Delaney's second play The Lion in Love followed in 1960. This work "portrays an impoverished family, whose income comes from peddling trinkets", but "the best qualities of the first play are absent."[18]
Novelist Jeanette Winterson though, has commented that the contemporary reviews of these first two plays' first performances "read like a depressing essay in sexism".[19] Sweetly Sings the Donkey, a collection of short stories, appeared in 1963.
The screenplay of the 1961 film version of A Taste of Honey, which she co-wrote with director Tony Richardson, "contrives to keep in Delaney's best lines while creating a cinematic, rather than a theatrical experience".[20] It won the BAFTA Award for Best British Screenplay and the Writers' Guild of Great Britain Award in 1962. Delaney's other screenplays include The White Bus, Charlie Bubbles (both 1967) and Dance with a Stranger (1985).
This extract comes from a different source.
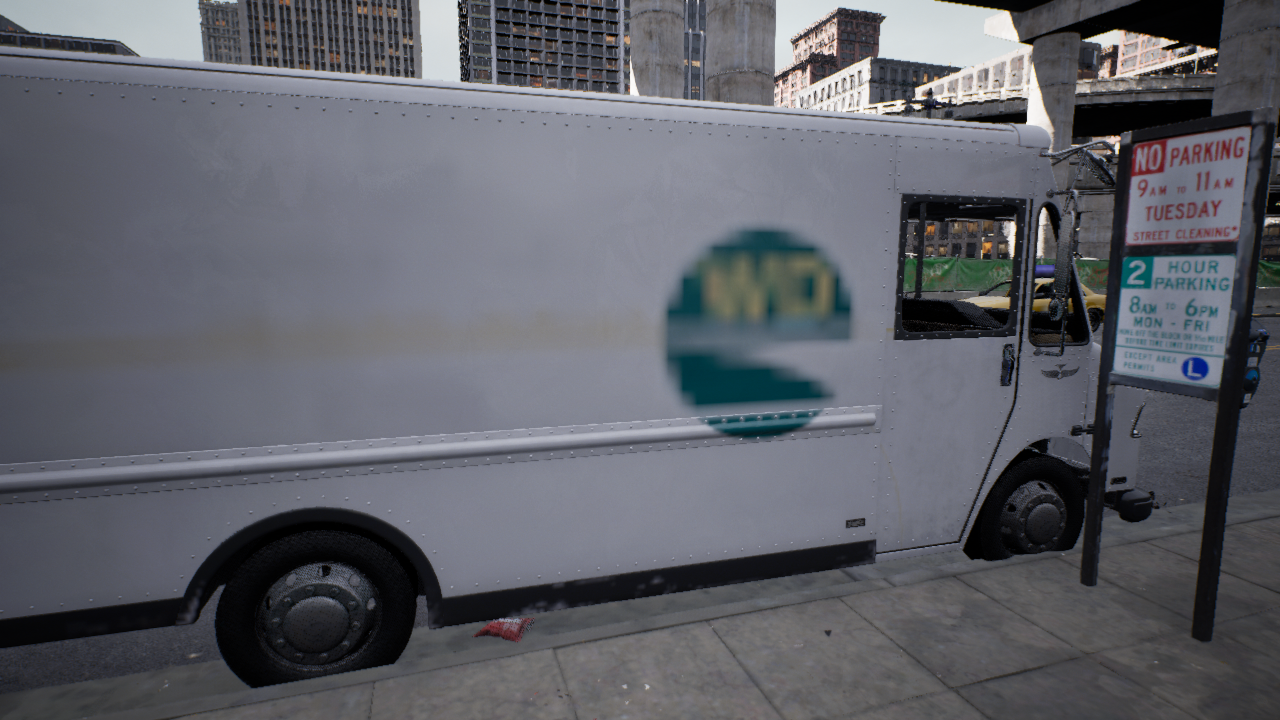
Venue: downtown
Lighting: clear day
Vehicle rig: sedan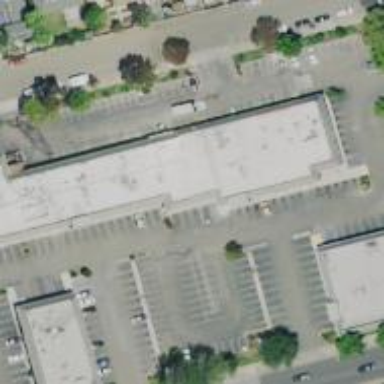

She also wrote several radio plays, Tell Me a Film (2003), Country Life (2004)[15] and its sequel Whoopi Goldberg's Country Life, which was broadcast in The Afternoon Play slot on BBC Radio 4 in June 2010.[21]
In 1985, Delaney was elected a Fellow of the Royal Society of Literature.


Delaney died from breast cancer and heart failure, five days before her 73rd birthday, at the home of her daughter Charlotte in Suffolk, England.[1] She is survived by her daughter and three grandchildren.[15]

Influence on Morrissey

Delaney is cited as having been a great influence on The Smiths' lead singer and lyricist Morrissey. In 1986, Morrissey said, "I've never made any secret of the fact that at least 50 per cent of my reason for writing can be blamed on Shelagh Delaney." Many of Morrissey's lyrics were lifted directly from Delaney's plays, notably A Taste of Honey. The lyrics of The Smiths's "This Night Has Opened My Eyes" are a retelling of the plot of A Taste of Honey, using many direct quotes from the play. Morrissey chose a photo of Delaney as the artwork on the album cover for his band's 1987 compilation album, Louder Than Bombs.[22]